In the years following World War II, regional variations of modernism began to emerge, later known as the "West Coast style". Building constraints in the area led to design focused on the natural landscape and feasible construction. This led to the development of design that uses complex geometric forms, open-plan layouts, and natural light through the extensive use of glass.[1] The predominance of glass in many high rises in Downtown Vancouver has led to the city's moniker "City of Glass" and "See Through City".[2] [3]
In the mid-20th century, the Vancouver Special residential style was developed in the city. Architectural styles found throughout the American Pacific Coastsuch as the American Craftsman, California bungalow, and dingbatare common in Vancouver.[4]
Vancouver's cityscape and architecture have developed in response to its temperate, scenic, and readily accessible natural setting of ocean, forests, and mountains. The downtown core is built on a peninsula surrounded on three sides by readily accessible waterfront beaches, parks, and walkways. The Financial District is located downtown, but many office buildings have emerged in suburban town centres, resulting in the downtown having a high percentage of residential buildings, restaurants, and retail outlets. The region is in an active seismic zone, and seismic bracing is a significant part of both new construction and retrofitting.

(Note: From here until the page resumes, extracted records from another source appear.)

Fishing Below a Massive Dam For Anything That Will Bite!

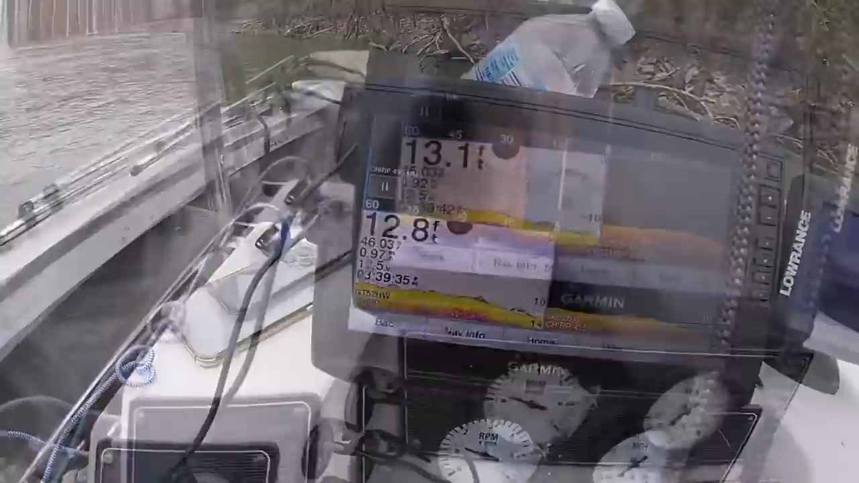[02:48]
a little drop off right here with a bunch of fish on it no idea what they are but
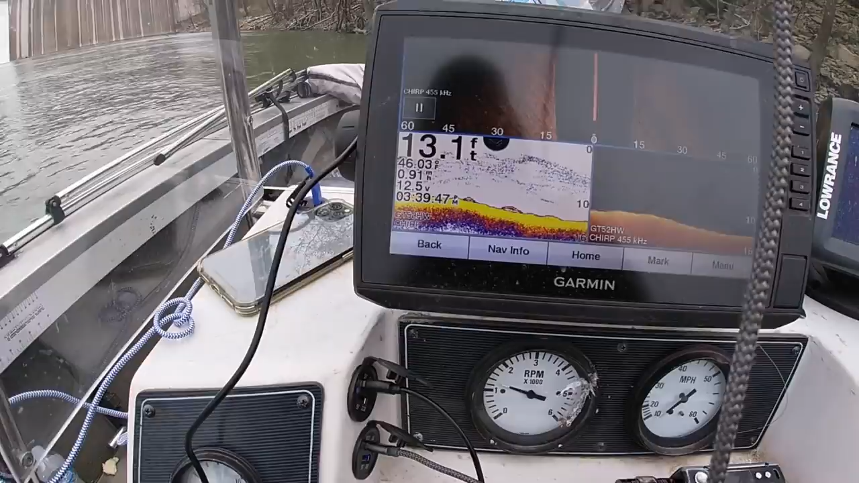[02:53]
On screen: depth 13.1 ft
bait's going through them right now
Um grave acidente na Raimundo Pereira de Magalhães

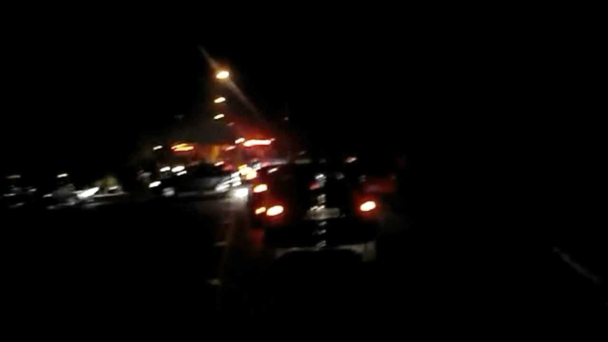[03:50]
Eles informaram que as viaturas estavam em outras ocorrências. O trânsito já se encontra com lentidão, mais de 25 quilômetros. Ainda não sei Vou o que é. Ficando por aqui.

A noticeable feature of Vancouver's strong connection to nature is the Seawall, a man-made, car-free pathway which stretches around the downtown peninsula along the waterfront. It provides a direct link to the water's edge from Downtown and Stanley Park, as well as residential areas of the West End, False Creek, Vanier Park, and Kits Beach. Stanley Park itself is an 800-acre microcosm of coastal British Columbia rainforest, all within direct sight and easy walking distance from the central business district.[5] The pedestrian-only Seabus gives riders a quick transit connection between downtown and the North Shore, while smaller private ferry operators (False Creek Ferries and The Aquabus) crisscross False Creek linking residential, cultural, and recreational venues.

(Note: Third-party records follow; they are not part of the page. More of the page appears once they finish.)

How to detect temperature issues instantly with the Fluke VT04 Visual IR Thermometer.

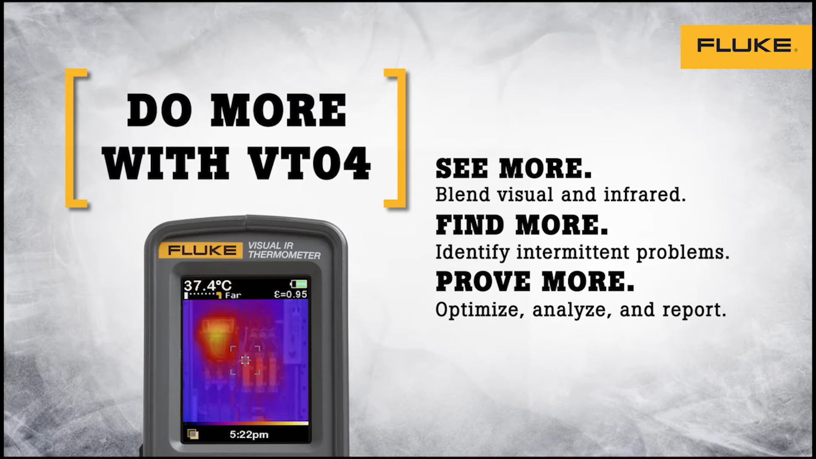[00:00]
On screen: spot 37.4°C
We created a revolutionary thermal heat map
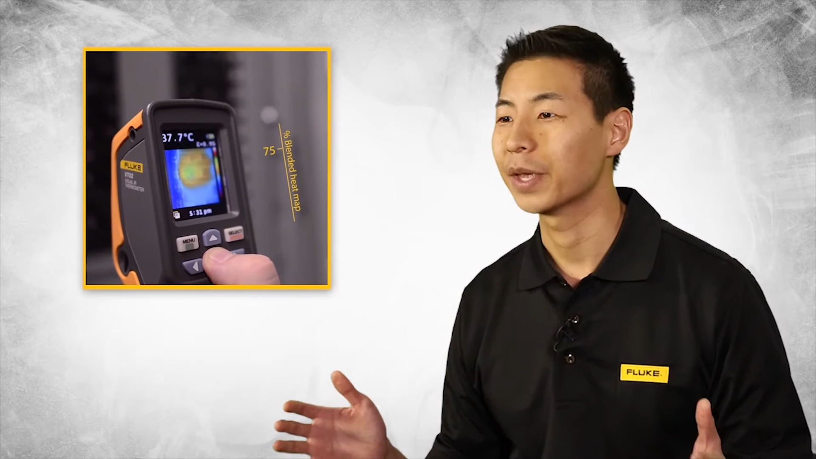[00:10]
On screen: spot 37.7°C
Every Fluke visual IR thermometer combines a digital image
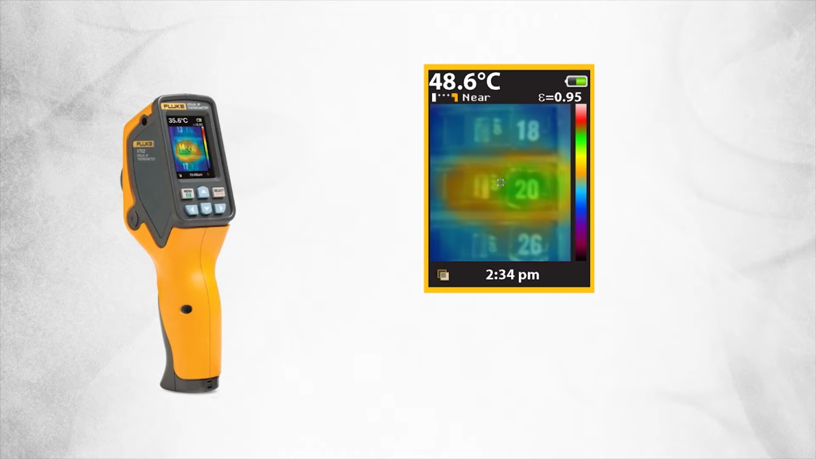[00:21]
Often our customers need to communicate exactly where the problems are or prove repairs need to be made. The Fluke visual IR thermometer images provide this proof and pinpoint the exact location.
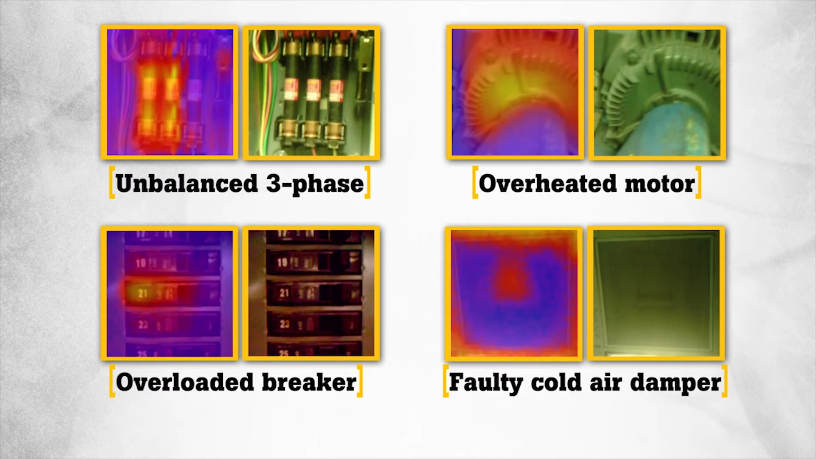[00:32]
It's hard to dispute when the proof is in the picture. VT04 also features hot and cold markers and the ability to set temperature
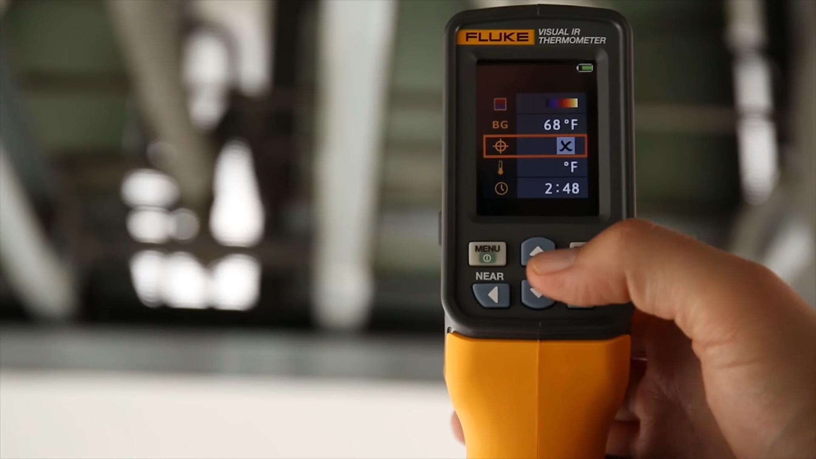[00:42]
alarm thresholds to easily scan large areas and feel confident you haven't missed anything.
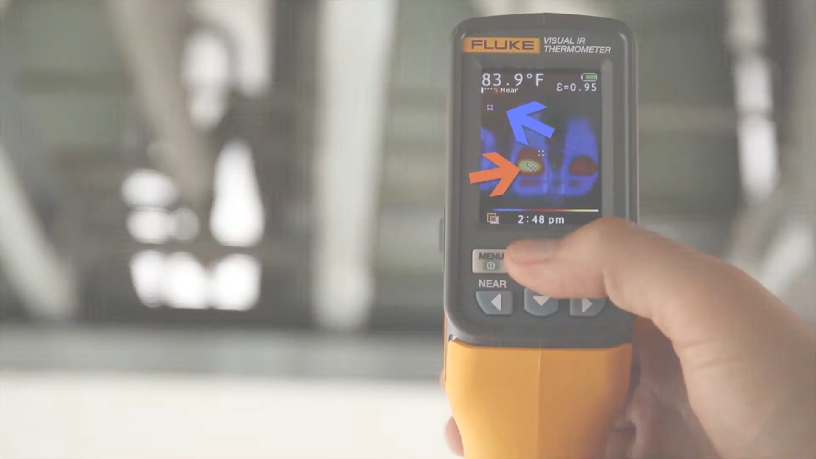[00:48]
On screen: spot 83.9°F
The VT04 is so powerful it can help you find problems without you being present by continuously monitoring until a temperature has been exceeded
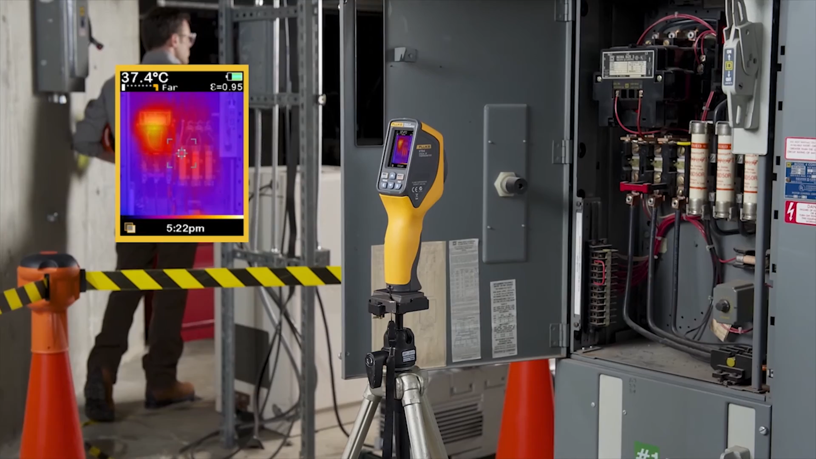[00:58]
On screen: spot 37.4°C
then automatically it starts capturing images for you. See how Fluke visual IR thermometers can help you detect issues instantly.

The West Coast Style (also known as West Coast Modernism or West Coast Vernacular) is an architectural style that first emerged in the Greater Vancouver area, seeking to incorporate the natural environment into the design of buildings. This regional variation of modernism emerged in the 1940s and continued to be a major influence in residential design for the next three decades.[6] [7] The designs emerging from west coast architects were recognized by the Royal Architectural Institute of Canada in 1947 as a frontier in modern architecture. "In the domestic field (west coast architects) have proved to their clients present and future, by outward and inward visible signs, that the modern house is the only house for a modern family in British Columbia. Nowhere else in Canada has that proof been given."[8] Arthur Erickson, Fred Hollingsworth, Ned Pratt, and artist B. C. Binning are notable pioneers of the modern movement on the west coast, a loosely associated group that Erickson named "The Vancouver School." Major stylistic influences were the International Style, open space plans of Japanese architecture, the work of Frank Lloyd Wright, and the work and talk given in Vancouver by Richard Neutra.[9] The houses were often modest in scale and in budget.[10]
In the 1949 'Design for Living' exhibition, Pratt cited five specific local characteristics that determined the form of the emerging style:[8]
Key themes of this style have been described as: "Don't fight nature, use it to your advantage;"[11] "responding directly to the site"[12] "post-and-beam construction with sleek lines that showcased North and West Vancouver's rugged natural setting;"[13] "extensive, monumental use of glass,"[14] "rooms where inside and outside dissolve;"[15] include the natural environment as part of the design;"[16] and "the buildings are terraced remain in harmony with the contours of the landscape."[17]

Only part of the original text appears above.